You can see more of Dutch Props’ work here:

Instagram: @dutchprops


3D printing: let’s get excited!

I don’t have a 3D printer, but I wish I would. One day, I went to Division XP, my local airsoft store, to buy props for an upcoming cosplay and I learned that the owner also had a 3D printing company.  A high hand 3D printing machine in a store half an hour from home!   Things are rarely that easy to find in Quebec City!  I was blessed by the Gods of Cosplay!  Division XP was already my official airsoft provider, the second company, Action Fusion, would from now on be my partner for 3D printing.  All owned by the same guy, thanks, Daniel. :) I was excited like a kid when I went to get my 3D printed mask. When I said that 3D printing is a slow technology, for those who’d be wondering, it took 20 hours to print my Scorpion mask.  Cleaning the support material required to print the mask’s shape, a little sanding and I could try the mask on. The fit was perfect and Dutch Props’ design adaptation was spot on.

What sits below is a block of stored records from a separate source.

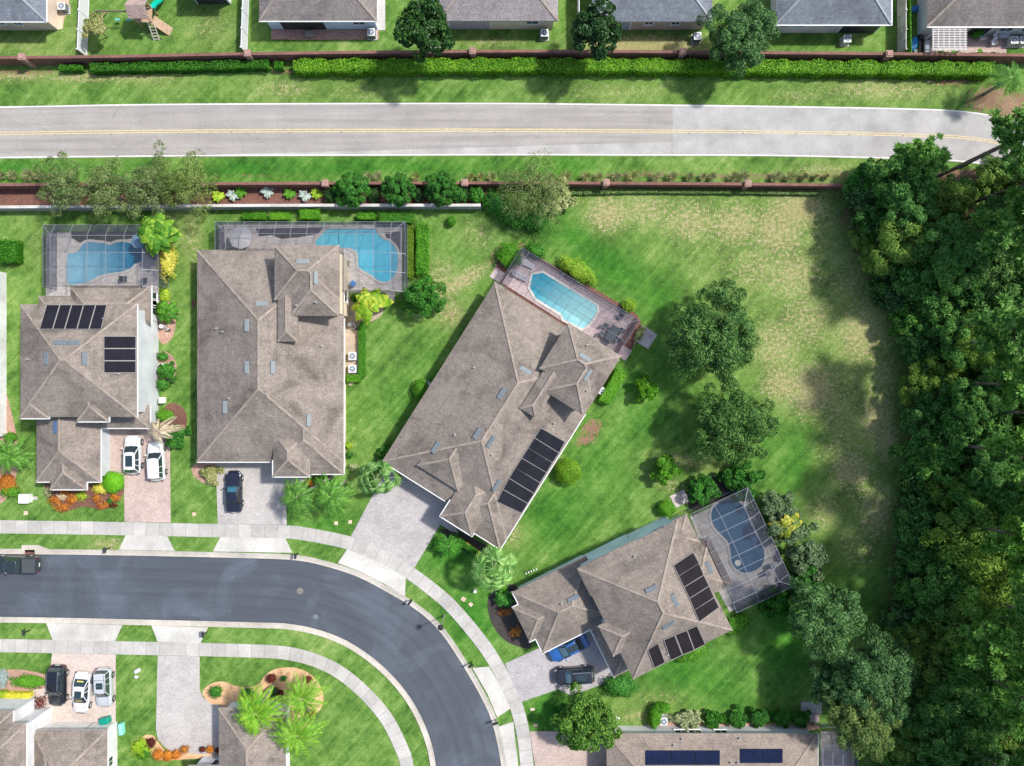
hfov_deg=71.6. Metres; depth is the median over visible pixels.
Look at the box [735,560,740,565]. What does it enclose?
floating cover
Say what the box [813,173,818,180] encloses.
tussock
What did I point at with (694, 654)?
shrub
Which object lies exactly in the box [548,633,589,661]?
parked car
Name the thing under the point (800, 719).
bush
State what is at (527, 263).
sun lounger
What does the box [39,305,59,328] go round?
solar panel
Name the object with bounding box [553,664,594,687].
parked car
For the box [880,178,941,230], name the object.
tree
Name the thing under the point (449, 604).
sidewalk
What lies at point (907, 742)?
tree
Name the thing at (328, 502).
palm tree
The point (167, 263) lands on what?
shrub
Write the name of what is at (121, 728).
recycling bin
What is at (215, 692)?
shrub
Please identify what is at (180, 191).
tree
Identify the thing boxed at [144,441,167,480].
parked car
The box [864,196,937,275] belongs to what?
tree
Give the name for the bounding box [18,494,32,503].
utility cabinet
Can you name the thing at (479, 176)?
tussock
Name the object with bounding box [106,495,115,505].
shrub
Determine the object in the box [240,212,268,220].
shrub
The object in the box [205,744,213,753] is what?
shrub
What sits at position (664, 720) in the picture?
air conditioner
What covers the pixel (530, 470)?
solar panel
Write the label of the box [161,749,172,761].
shrub
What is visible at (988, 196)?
pine tree
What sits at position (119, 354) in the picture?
solar panel
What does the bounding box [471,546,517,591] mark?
palm tree
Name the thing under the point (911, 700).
tree
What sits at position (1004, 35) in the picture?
patio table
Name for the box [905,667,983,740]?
tree
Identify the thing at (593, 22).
tree
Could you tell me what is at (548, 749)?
driveway
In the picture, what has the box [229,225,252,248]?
umbrella
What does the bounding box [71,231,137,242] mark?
planting bed
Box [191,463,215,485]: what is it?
mulch bed
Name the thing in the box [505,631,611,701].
driveway
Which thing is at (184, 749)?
shrub
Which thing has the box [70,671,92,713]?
parked car
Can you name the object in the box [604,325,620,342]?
dining table
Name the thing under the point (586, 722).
tree
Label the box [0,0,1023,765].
ground
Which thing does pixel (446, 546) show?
palm tree
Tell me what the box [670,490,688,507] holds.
meter cover
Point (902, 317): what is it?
tree
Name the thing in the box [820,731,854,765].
pool deck
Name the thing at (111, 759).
window
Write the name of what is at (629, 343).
mulch bed
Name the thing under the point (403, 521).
driveway
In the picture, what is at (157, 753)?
shrub
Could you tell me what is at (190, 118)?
road
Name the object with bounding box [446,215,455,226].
shrub
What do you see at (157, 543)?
driveway apron
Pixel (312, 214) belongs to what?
shrub
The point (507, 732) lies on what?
driveway apron
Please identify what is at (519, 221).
shrub
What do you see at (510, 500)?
solar panel
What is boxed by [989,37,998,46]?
patio chair
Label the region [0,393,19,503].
mulch bed
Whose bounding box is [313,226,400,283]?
swimming pool
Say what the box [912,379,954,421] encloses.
tree
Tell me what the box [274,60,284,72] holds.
hedge
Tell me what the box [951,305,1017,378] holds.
tree
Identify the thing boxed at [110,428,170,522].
driveway
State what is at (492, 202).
shrub
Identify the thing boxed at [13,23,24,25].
window
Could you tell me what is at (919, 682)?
tree
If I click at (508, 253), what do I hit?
shrub
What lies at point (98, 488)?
shrub
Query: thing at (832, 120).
road surface
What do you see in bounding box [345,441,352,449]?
shrub
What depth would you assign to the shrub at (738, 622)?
81.12 m
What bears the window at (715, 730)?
in the house at (799, 746)
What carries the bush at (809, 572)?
on the ground
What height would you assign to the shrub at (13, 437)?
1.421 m
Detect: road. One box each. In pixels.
[0,103,988,163]
[0,554,500,765]
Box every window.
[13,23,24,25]
[109,754,113,765]
[153,292,157,305]
[153,300,158,315]
[210,759,218,764]
[344,292,347,302]
[352,22,365,24]
[526,22,538,24]
[643,22,653,25]
[670,22,680,25]
[673,729,687,732]
[688,729,701,732]
[713,729,727,732]
[997,28,1014,31]
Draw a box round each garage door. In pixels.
[45,722,94,728]
[87,722,115,728]
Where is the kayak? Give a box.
[911,36,917,50]
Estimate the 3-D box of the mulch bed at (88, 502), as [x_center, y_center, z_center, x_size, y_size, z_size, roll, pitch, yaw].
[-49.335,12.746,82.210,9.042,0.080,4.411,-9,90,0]
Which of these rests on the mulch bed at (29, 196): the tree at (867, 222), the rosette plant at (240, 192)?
the rosette plant at (240, 192)
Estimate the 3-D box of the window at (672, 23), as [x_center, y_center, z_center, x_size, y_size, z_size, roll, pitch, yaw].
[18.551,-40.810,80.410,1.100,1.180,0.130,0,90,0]
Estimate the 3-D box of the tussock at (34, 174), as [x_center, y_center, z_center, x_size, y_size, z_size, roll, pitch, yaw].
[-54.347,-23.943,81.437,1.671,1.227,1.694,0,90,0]
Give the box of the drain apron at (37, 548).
[22,545,47,551]
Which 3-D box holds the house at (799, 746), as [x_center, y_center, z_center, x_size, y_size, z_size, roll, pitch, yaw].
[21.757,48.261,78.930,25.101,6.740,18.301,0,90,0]
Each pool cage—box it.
[43,225,168,289]
[215,222,407,291]
[499,247,638,352]
[685,487,792,612]
[811,723,857,765]
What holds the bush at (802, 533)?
on the ground
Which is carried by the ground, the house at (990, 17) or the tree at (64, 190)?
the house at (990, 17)
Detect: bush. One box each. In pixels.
[157,361,176,381]
[164,424,192,448]
[199,465,224,485]
[377,444,390,459]
[541,177,578,213]
[673,708,700,730]
[687,473,721,505]
[703,708,726,728]
[716,459,765,502]
[725,704,747,728]
[747,489,793,522]
[748,706,769,728]
[755,502,810,545]
[758,584,795,618]
[767,513,801,538]
[769,707,792,728]
[784,563,828,600]
[785,521,828,582]
[791,709,810,727]
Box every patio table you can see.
[305,30,315,36]
[997,32,1009,39]
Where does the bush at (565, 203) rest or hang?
on the ground
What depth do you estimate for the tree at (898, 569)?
79.66 m
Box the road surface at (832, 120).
[673,104,1023,166]
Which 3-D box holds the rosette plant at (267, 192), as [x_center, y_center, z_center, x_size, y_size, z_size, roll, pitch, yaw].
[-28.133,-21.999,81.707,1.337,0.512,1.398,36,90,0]
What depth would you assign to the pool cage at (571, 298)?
79.29 m
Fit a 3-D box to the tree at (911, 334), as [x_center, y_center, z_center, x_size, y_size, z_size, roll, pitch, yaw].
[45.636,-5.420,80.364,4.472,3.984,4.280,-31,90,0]
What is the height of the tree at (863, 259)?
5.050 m
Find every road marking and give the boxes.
[0,103,987,115]
[0,129,1023,145]
[0,131,997,143]
[0,154,983,163]
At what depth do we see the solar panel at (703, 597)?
75.81 m
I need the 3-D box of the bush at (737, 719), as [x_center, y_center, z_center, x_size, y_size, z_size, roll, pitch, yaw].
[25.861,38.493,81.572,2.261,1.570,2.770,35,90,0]
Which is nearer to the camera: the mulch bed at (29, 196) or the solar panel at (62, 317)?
the solar panel at (62, 317)
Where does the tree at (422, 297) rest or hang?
on the ground
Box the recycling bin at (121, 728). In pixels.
[118,722,125,734]
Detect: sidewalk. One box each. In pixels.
[0,520,533,765]
[0,639,413,765]
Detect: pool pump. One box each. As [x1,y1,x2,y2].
[159,324,170,330]
[348,322,357,328]
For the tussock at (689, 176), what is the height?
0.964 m
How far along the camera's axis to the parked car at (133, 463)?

See the biggest airsoft shop in the province of Québec:

For info about 3D printing services:

Many cosplayers use the 3D printed piece as their final piece.  I prefered not to do so, for different reasons.  First, the 3D printed mask remains fragile.  Since it’s a thin piece, it could be broken.  Each printed layer is a weakness if you force the piece.  So I decided to mold the printed mask.  Plus, as I would have a mold, I could easily make another cast if my mask was broken or lost.  I made a silicone mold using Smooth-On Rebound 25, with a fiberglass shell for the mold. Then I made a couple fiberglass casts.  I use a mix of polyester resin and auto body filler to make the print coat, the brush-on first coat that you put in the mold. That’s the coat that you will sand and finish to be painted.  It’s easier to sand that mix of resin and body filler than sanding fiberglass alone.  When you mix the polyester resin and the body filler, add both resin catalyst and body filler hardener.  Working on various fiberglass projects, each time I had excess polyester resin mixed, I would use it to make a fiberglass cast of my mask.   After a while, I already had a few copies.

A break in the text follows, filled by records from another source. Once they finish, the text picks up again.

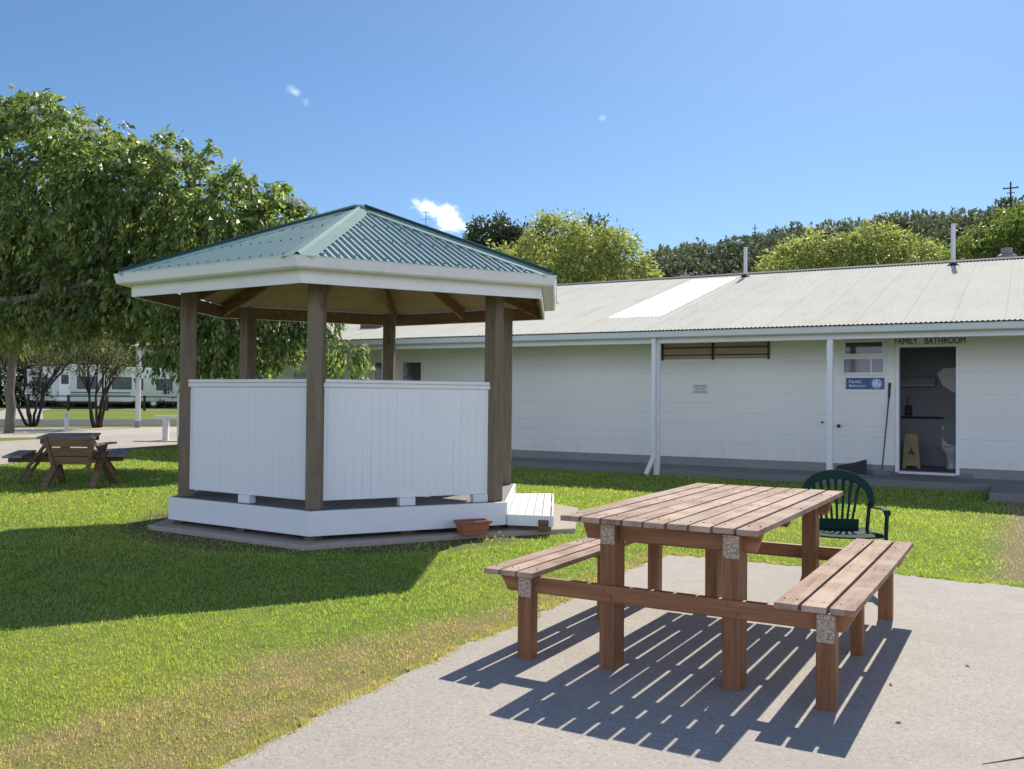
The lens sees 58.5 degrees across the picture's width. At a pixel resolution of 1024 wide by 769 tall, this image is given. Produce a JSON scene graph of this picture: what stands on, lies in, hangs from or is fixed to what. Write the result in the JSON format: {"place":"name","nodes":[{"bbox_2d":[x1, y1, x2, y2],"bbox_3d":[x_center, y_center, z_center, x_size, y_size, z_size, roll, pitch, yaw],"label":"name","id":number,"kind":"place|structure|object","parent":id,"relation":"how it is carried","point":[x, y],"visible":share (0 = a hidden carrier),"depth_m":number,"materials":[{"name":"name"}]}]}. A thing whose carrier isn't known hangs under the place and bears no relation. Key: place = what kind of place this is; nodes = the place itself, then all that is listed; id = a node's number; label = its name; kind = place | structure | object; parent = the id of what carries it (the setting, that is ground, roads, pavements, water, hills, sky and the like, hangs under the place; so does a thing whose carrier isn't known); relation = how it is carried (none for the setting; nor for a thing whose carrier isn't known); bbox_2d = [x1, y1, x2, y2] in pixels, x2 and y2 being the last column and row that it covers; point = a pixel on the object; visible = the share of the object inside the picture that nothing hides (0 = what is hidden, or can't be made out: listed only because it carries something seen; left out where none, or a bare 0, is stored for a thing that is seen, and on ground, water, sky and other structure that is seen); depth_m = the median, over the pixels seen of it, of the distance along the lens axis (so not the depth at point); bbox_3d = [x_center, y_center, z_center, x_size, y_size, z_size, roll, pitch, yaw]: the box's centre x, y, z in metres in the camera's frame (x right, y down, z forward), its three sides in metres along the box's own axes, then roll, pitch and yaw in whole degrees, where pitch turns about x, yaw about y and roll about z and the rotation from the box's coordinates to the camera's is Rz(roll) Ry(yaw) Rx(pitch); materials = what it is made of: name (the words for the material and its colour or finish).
{"place":"outdoors","nodes":[
{"label":"outdoors","id":0,"kind":"place"},
{"bbox_2d":[0,404,62,418],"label":"side road","id":1,"kind":"structure","parent":0,"point":[17,415],"depth_m":44.66,"materials":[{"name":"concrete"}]},
{"bbox_2d":[18,366,66,406],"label":"caravan","id":2,"kind":"object","parent":1,"relation":"on","point":[29,379],"visible":0.13,"depth_m":58.48,"materials":[{"name":"metal"}]},
{"bbox_2d":[33,377,51,388],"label":"window","id":3,"kind":"structure","parent":2,"relation":"in","point":[42,384],"depth_m":58.50,"materials":[{"name":"glass"}]},
{"bbox_2d":[0,432,176,463],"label":"path","id":4,"kind":"structure","parent":0,"point":[129,441],"depth_m":26.22,"materials":[{"name":"concrete"}]},
{"bbox_2d":[153,416,176,439],"bbox_3d":[-9.997,1.354,28.021,1.850,0.780,0.400,1,-1,-8],"label":"white bench","id":5,"kind":"object","parent":4,"relation":"on","point":[165,426],"visible":0.36,"depth_m":27.82,"materials":[{"name":"paint"}]},
{"bbox_2d":[0,419,176,425],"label":"road","id":6,"kind":"structure","parent":0,"point":[125,422],"depth_m":37.05,"materials":[{"name":"grey asphalt"}]},
{"bbox_2d":[0,400,1023,768],"bbox_3d":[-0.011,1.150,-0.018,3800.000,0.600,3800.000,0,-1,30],"label":"ground","id":7,"kind":"structure","parent":0,"point":[236,548],"depth_m":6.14,"materials":[{"name":"green plant"}]},
{"bbox_2d":[0,326,96,426],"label":"multi stemmed shrub","id":8,"kind":"object","parent":7,"relation":"on","point":[47,386],"visible":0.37,"depth_m":33.91,"materials":[{"name":"green plant"}]},
{"bbox_2d":[2,433,129,483],"bbox_3d":[-7.531,1.248,15.594,1.800,0.782,1.700,1,-1,-20],"label":"picnic table","id":9,"kind":"object","parent":7,"relation":"on","point":[31,457],"visible":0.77,"depth_m":15.18,"materials":[{"name":"brown wood"}]},
{"bbox_2d":[39,436,117,488],"bbox_3d":[-6.852,1.220,14.499,0.948,0.826,0.778,1,-1,0],"label":"garden chair","id":10,"kind":"object","parent":7,"relation":"on","point":[57,459],"visible":0.98,"depth_m":14.19,"materials":[{"name":"brown wood"}]},
{"bbox_2d":[34,364,134,407],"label":"caravan","id":11,"kind":"object","parent":7,"relation":"on","point":[66,384],"visible":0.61,"depth_m":54.55,"materials":[{"name":"metal"}]},
{"bbox_2d":[59,371,70,399],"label":"door","id":12,"kind":"structure","parent":11,"relation":"in","point":[64,383],"depth_m":53.88,"materials":[{"name":"white metal"}]},
{"bbox_2d":[77,376,95,388],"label":"window","id":13,"kind":"structure","parent":11,"relation":"in","point":[80,385],"depth_m":54.36,"materials":[{"name":"glass"}]},
{"bbox_2d":[112,377,131,388],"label":"window","id":14,"kind":"structure","parent":11,"relation":"in","point":[120,384],"depth_m":55.38,"materials":[{"name":"glass"}]},
{"bbox_2d":[0,427,176,437],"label":"sandy verge","id":15,"kind":"structure","parent":7,"relation":"on","point":[37,432],"depth_m":31.78,"materials":[{"name":"beige sand"}]},
{"bbox_2d":[0,334,38,432],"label":"cabbage tree","id":16,"kind":"object","parent":15,"relation":"on","point":[10,413],"visible":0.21,"depth_m":29.98,"materials":[{"name":"grey plant"}]},
{"bbox_2d":[64,412,69,428],"bbox_3d":[-15.988,1.329,32.883,0.339,0.700,0.203,-1,-1,52],"label":"bollard","id":17,"kind":"object","parent":15,"relation":"on","point":[66,423],"visible":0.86,"depth_m":32.91,"materials":[{"name":"white paint"}]},
{"bbox_2d":[60,329,148,427],"bbox_3d":[-15.168,-0.467,34.150,3.979,4.238,3.454,0,-1,30],"label":"multi stemmed shrub","id":18,"kind":"object","parent":15,"relation":"on","point":[104,357],"visible":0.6,"depth_m":33.78,"materials":[{"name":"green plant"}]},
{"bbox_2d":[135,342,140,427],"bbox_3d":[-14.102,0.053,34.526,0.220,3.340,0.214,0,-1,30],"label":"white pole","id":19,"kind":"object","parent":15,"relation":"on","point":[137,403],"visible":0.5,"depth_m":34.45,"materials":[{"name":"metal"}]},
{"bbox_2d":[0,348,176,407],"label":"hedge","id":20,"kind":"object","parent":7,"relation":"on","point":[19,376],"visible":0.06,"depth_m":59.09,"materials":[{"name":"green plant"}]},
{"bbox_2d":[0,394,176,410],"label":"rail fence","id":21,"kind":"object","parent":7,"relation":"on","point":[68,408],"visible":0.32,"depth_m":49.77,"materials":[{"name":"metal"}]},
{"bbox_2d":[16,331,165,406],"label":"shelter tree","id":22,"kind":"object","parent":7,"relation":"on","point":[35,359],"visible":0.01,"depth_m":63.04,"materials":[{"name":"green plant"}]},
{"bbox_2d":[128,367,177,407],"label":"caravan","id":23,"kind":"object","parent":7,"relation":"on","point":[148,388],"visible":0.39,"depth_m":60.01,"materials":[{"name":"metal"}]},
{"bbox_2d":[133,378,142,389],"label":"window","id":24,"kind":"structure","parent":23,"relation":"in","point":[134,379],"depth_m":59.60,"materials":[{"name":"glass"}]},
{"bbox_2d":[156,379,172,389],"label":"window","id":25,"kind":"structure","parent":23,"relation":"in","point":[170,382],"depth_m":60.20,"materials":[{"name":"glass"}]},
{"bbox_2d":[0,83,374,394],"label":"spreading tree","id":26,"kind":"object","parent":7,"relation":"on","point":[62,261],"visible":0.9,"depth_m":19.20,"materials":[{"name":"green plant"}]},
{"bbox_2d":[148,503,577,550],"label":"concrete slab","id":27,"kind":"structure","parent":7,"relation":"on","point":[282,540],"depth_m":9.34,"materials":[{"name":"grey concrete"}]},
{"bbox_2d":[113,204,559,540],"bbox_3d":[-1.832,-0.308,10.972,5.437,3.718,4.907,0,-1,30],"label":"gazebo","id":28,"kind":"object","parent":27,"relation":"on","point":[316,454],"visible":1,"depth_m":9.53,"materials":[{"name":"white paint"}]},
{"bbox_2d":[453,518,491,535],"bbox_3d":[-0.404,1.467,9.399,0.358,0.148,0.196,1,-1,-27],"label":"planter","id":29,"kind":"object","parent":27,"relation":"on","point":[471,527],"visible":1,"depth_m":9.34,"materials":[{"name":"ceramic"}]},
{"bbox_2d":[462,210,526,256],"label":"dark tree","id":30,"kind":"object","parent":7,"relation":"on","point":[498,234],"visible":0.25,"depth_m":88.54,"materials":[{"name":"green plant"}]},
{"bbox_2d":[507,212,623,279],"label":"dark tree","id":31,"kind":"object","parent":7,"relation":"on","point":[590,222],"visible":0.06,"depth_m":88.69,"materials":[{"name":"green plant"}]},
{"bbox_2d":[486,207,664,283],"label":"yellow green tree","id":32,"kind":"object","parent":7,"relation":"on","point":[570,265],"visible":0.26,"depth_m":43.99,"materials":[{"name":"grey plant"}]},
{"bbox_2d":[132,223,1023,480],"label":"amenities building","id":33,"kind":"structure","parent":7,"relation":"on","point":[612,371],"depth_m":18.29,"materials":[{"name":"paint"}]},
{"bbox_2d":[293,370,306,378],"bbox_3d":[-5.510,-0.077,23.815,0.500,0.580,0.031,0,-1,30],"label":"window","id":34,"kind":"structure","parent":33,"relation":"in","point":[304,372],"depth_m":23.82,"materials":[{"name":"grey glass"}]},
{"bbox_2d":[373,360,397,379],"bbox_3d":[-3.120,-0.009,22.456,0.740,1.190,0.031,0,-1,30],"label":"window","id":35,"kind":"structure","parent":33,"relation":"in","point":[377,373],"depth_m":22.55,"materials":[{"name":"white paint"}]},
{"bbox_2d":[400,359,423,380],"bbox_3d":[-2.411,-0.008,22.054,0.670,1.190,0.031,0,-1,30],"label":"window","id":36,"kind":"structure","parent":33,"relation":"in","point":[412,369],"depth_m":22.05,"materials":[{"name":"glass"}]},
{"bbox_2d":[692,384,707,393],"bbox_3d":[3.806,0.094,18.532,0.320,0.200,0.010,0,-1,30],"label":"wall notice","id":37,"kind":"object","parent":33,"relation":"attached to","point":[699,388],"depth_m":18.53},
{"bbox_2d":[661,341,769,360],"bbox_3d":[4.057,-0.676,18.385,2.212,0.360,0.051,0,-1,30],"label":"high window","id":38,"kind":"structure","parent":33,"relation":"in","point":[717,350],"depth_m":18.37,"materials":[{"name":"black glass"}]},
{"bbox_2d":[841,356,885,374],"bbox_3d":[6.524,-0.348,16.989,0.780,0.340,0.031,0,-1,30],"label":"window","id":39,"kind":"structure","parent":33,"relation":"in","point":[872,365],"depth_m":16.98,"materials":[{"name":"grey glass"}]},
{"bbox_2d":[843,339,884,355],"bbox_3d":[6.531,-0.678,16.992,0.730,0.300,0.031,0,-1,30],"label":"window","id":40,"kind":"structure","parent":33,"relation":"in","point":[850,347],"depth_m":16.99,"materials":[{"name":"glass"}]},
{"bbox_2d":[846,378,883,388],"bbox_3d":[6.548,-0.018,16.972,0.670,0.210,0.020,0,-1,30],"label":"bathroom sign","id":41,"kind":"object","parent":33,"relation":"attached to","point":[864,383],"visible":1,"depth_m":16.97,"materials":[{"name":"blue plastic"}]},
{"bbox_2d":[905,395,911,414],"bbox_3d":[7.932,0.415,18.286,0.120,0.393,0.145,0,-1,30],"label":"soap dispenser","id":42,"kind":"object","parent":33,"relation":"attached to","point":[908,409],"visible":1,"depth_m":18.23,"materials":[{"name":"black paint"}]},
{"bbox_2d":[902,433,920,468],"bbox_3d":[7.630,1.266,17.494,0.320,0.660,0.276,0,-1,22],"label":"wet floor sign","id":43,"kind":"object","parent":33,"relation":"in","point":[911,457],"visible":1,"depth_m":17.42,"materials":[{"name":"yellow plastic"}]},
{"bbox_2d":[900,377,935,386],"bbox_3d":[8.070,-0.048,18.225,0.680,0.180,0.134,0,-1,30],"label":"towel cabinet","id":44,"kind":"object","parent":33,"relation":"attached to","point":[920,382],"visible":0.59,"depth_m":18.16,"materials":[{"name":"paint"}]},
{"bbox_2d":[900,416,944,418],"bbox_3d":[8.013,0.652,18.268,1.128,0.032,0.094,0,-1,30],"label":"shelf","id":45,"kind":"object","parent":33,"relation":"attached to","point":[919,417],"visible":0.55,"depth_m":18.20,"materials":[{"name":"black paint"}]},
{"bbox_2d":[937,367,955,392],"bbox_3d":[8.665,-0.067,17.946,0.590,0.580,0.020,0,-1,30],"label":"wall mirror","id":46,"kind":"object","parent":33,"relation":"attached to","point":[947,377],"depth_m":17.98,"materials":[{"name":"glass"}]},
{"bbox_2d":[941,423,955,468],"bbox_3d":[8.444,1.174,17.550,0.400,0.863,0.681,0,-1,30],"label":"toilet","id":47,"kind":"object","parent":33,"relation":"on","point":[948,448],"visible":0.66,"depth_m":17.66,"materials":[{"name":"ceramic"}]},
{"bbox_2d":[511,457,1023,502],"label":"walkway","id":48,"kind":"structure","parent":7,"relation":"on","point":[1006,490],"depth_m":16.74,"materials":[{"name":"concrete"}]},
{"bbox_2d":[836,459,866,474],"bbox_3d":[6.260,1.511,16.923,0.580,0.264,0.328,0,-1,30],"label":"rubber mat","id":49,"kind":"object","parent":48,"relation":"on","point":[858,467],"visible":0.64,"depth_m":16.89,"materials":[{"name":"black rubber"}]},
{"bbox_2d":[872,383,890,475],"bbox_3d":[6.750,0.804,16.671,0.296,1.681,0.341,0,-1,30],"label":"broom","id":50,"kind":"object","parent":48,"relation":"on","point":[882,472],"visible":1,"depth_m":16.59,"materials":[{"name":"black paint"}]},
{"bbox_2d":[751,216,960,271],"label":"yellow green tree","id":51,"kind":"object","parent":7,"relation":"on","point":[882,249],"visible":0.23,"depth_m":48.96,"materials":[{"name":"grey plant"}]},
{"bbox_2d":[932,201,1023,260],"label":"green tree","id":52,"kind":"object","parent":7,"relation":"on","point":[1008,233],"visible":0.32,"depth_m":44.32,"materials":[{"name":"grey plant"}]},
{"bbox_2d":[0,0,1023,393],"label":"sky","id":53,"kind":"structure","parent":0,"point":[678,121],"materials":[{"name":"blue"}]},
{"bbox_2d":[214,554,1023,768],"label":"patio","id":54,"kind":"structure","parent":0,"point":[660,698],"depth_m":4.40,"materials":[{"name":"concrete"}]},
{"bbox_2d":[484,483,912,711],"bbox_3d":[1.286,1.138,5.695,1.991,0.825,2.384,0,-1,30],"label":"picnic table","id":55,"kind":"object","parent":54,"relation":"on","point":[726,527],"visible":1,"depth_m":4.92,"materials":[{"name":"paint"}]},
{"bbox_2d":[802,469,890,539],"bbox_3d":[2.623,1.133,7.264,0.623,0.877,0.574,0,-1,8],"label":"plastic chair","id":56,"kind":"object","parent":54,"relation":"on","point":[841,528],"visible":0.66,"depth_m":7.45,"materials":[{"name":"green plastic"}]},
{"bbox_2d":[982,757,1023,764],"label":"crack","id":57,"kind":"object","parent":54,"relation":"on","point":[1005,760],"visible":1,"depth_m":3.68,"materials":[{"name":"grey concrete"}]},
{"bbox_3d":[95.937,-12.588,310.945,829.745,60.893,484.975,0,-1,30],"label":"hill","id":58,"kind":"structure","parent":0,"visible":0},
{"bbox_2d":[631,195,1023,277],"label":"forest","id":59,"kind":"object","parent":58,"relation":"on","point":[703,259],"visible":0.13,"depth_m":207.46,"materials":[{"name":"green plant"}]},
{"bbox_2d":[1003,182,1018,204],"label":"power pole","id":60,"kind":"object","parent":58,"relation":"on","point":[1011,188],"visible":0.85,"depth_m":199.76,"materials":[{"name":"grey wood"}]}
]}

Buffing the excess fiberglass cloth around the mask, sanding the little imperfections and my mask was ready to be painted!  Many types of paint will hold on fiberglass, from cheap acrylic paint to expensive automotive paint.  I mixed different shades to match the yellow fabric’s color and used an airbrush to apply it.  Since the back of my head is hidden by the costume’s hood, I could make the mask hold with a simple elastic.  That’s what I had the time to do before leaving for Romania last October.  The costume was brand new, made of clean fabric and shiny silver pieces.  And that’s one of the 2 negative critics I got for this costume: it was too clean and Scorpion’s emblematic spears were missing.  When I came back home after my trip to Romania, I distressed the costume, made it look used and dirty, put the silver pieces in acid and added ‘blood’ to the costume and mask. I also added the skull to the costume’s belt. And… the spears are still missing.  I may have them 3D molded/printed.  I think I’m getting lazy. ;) But overall, I have to say that I’m very satisfied with this costume, my tribute to Mortal Kombat X, that I even got to show to Ed Boon in person in a MKX competition in Burbank, in January 2016.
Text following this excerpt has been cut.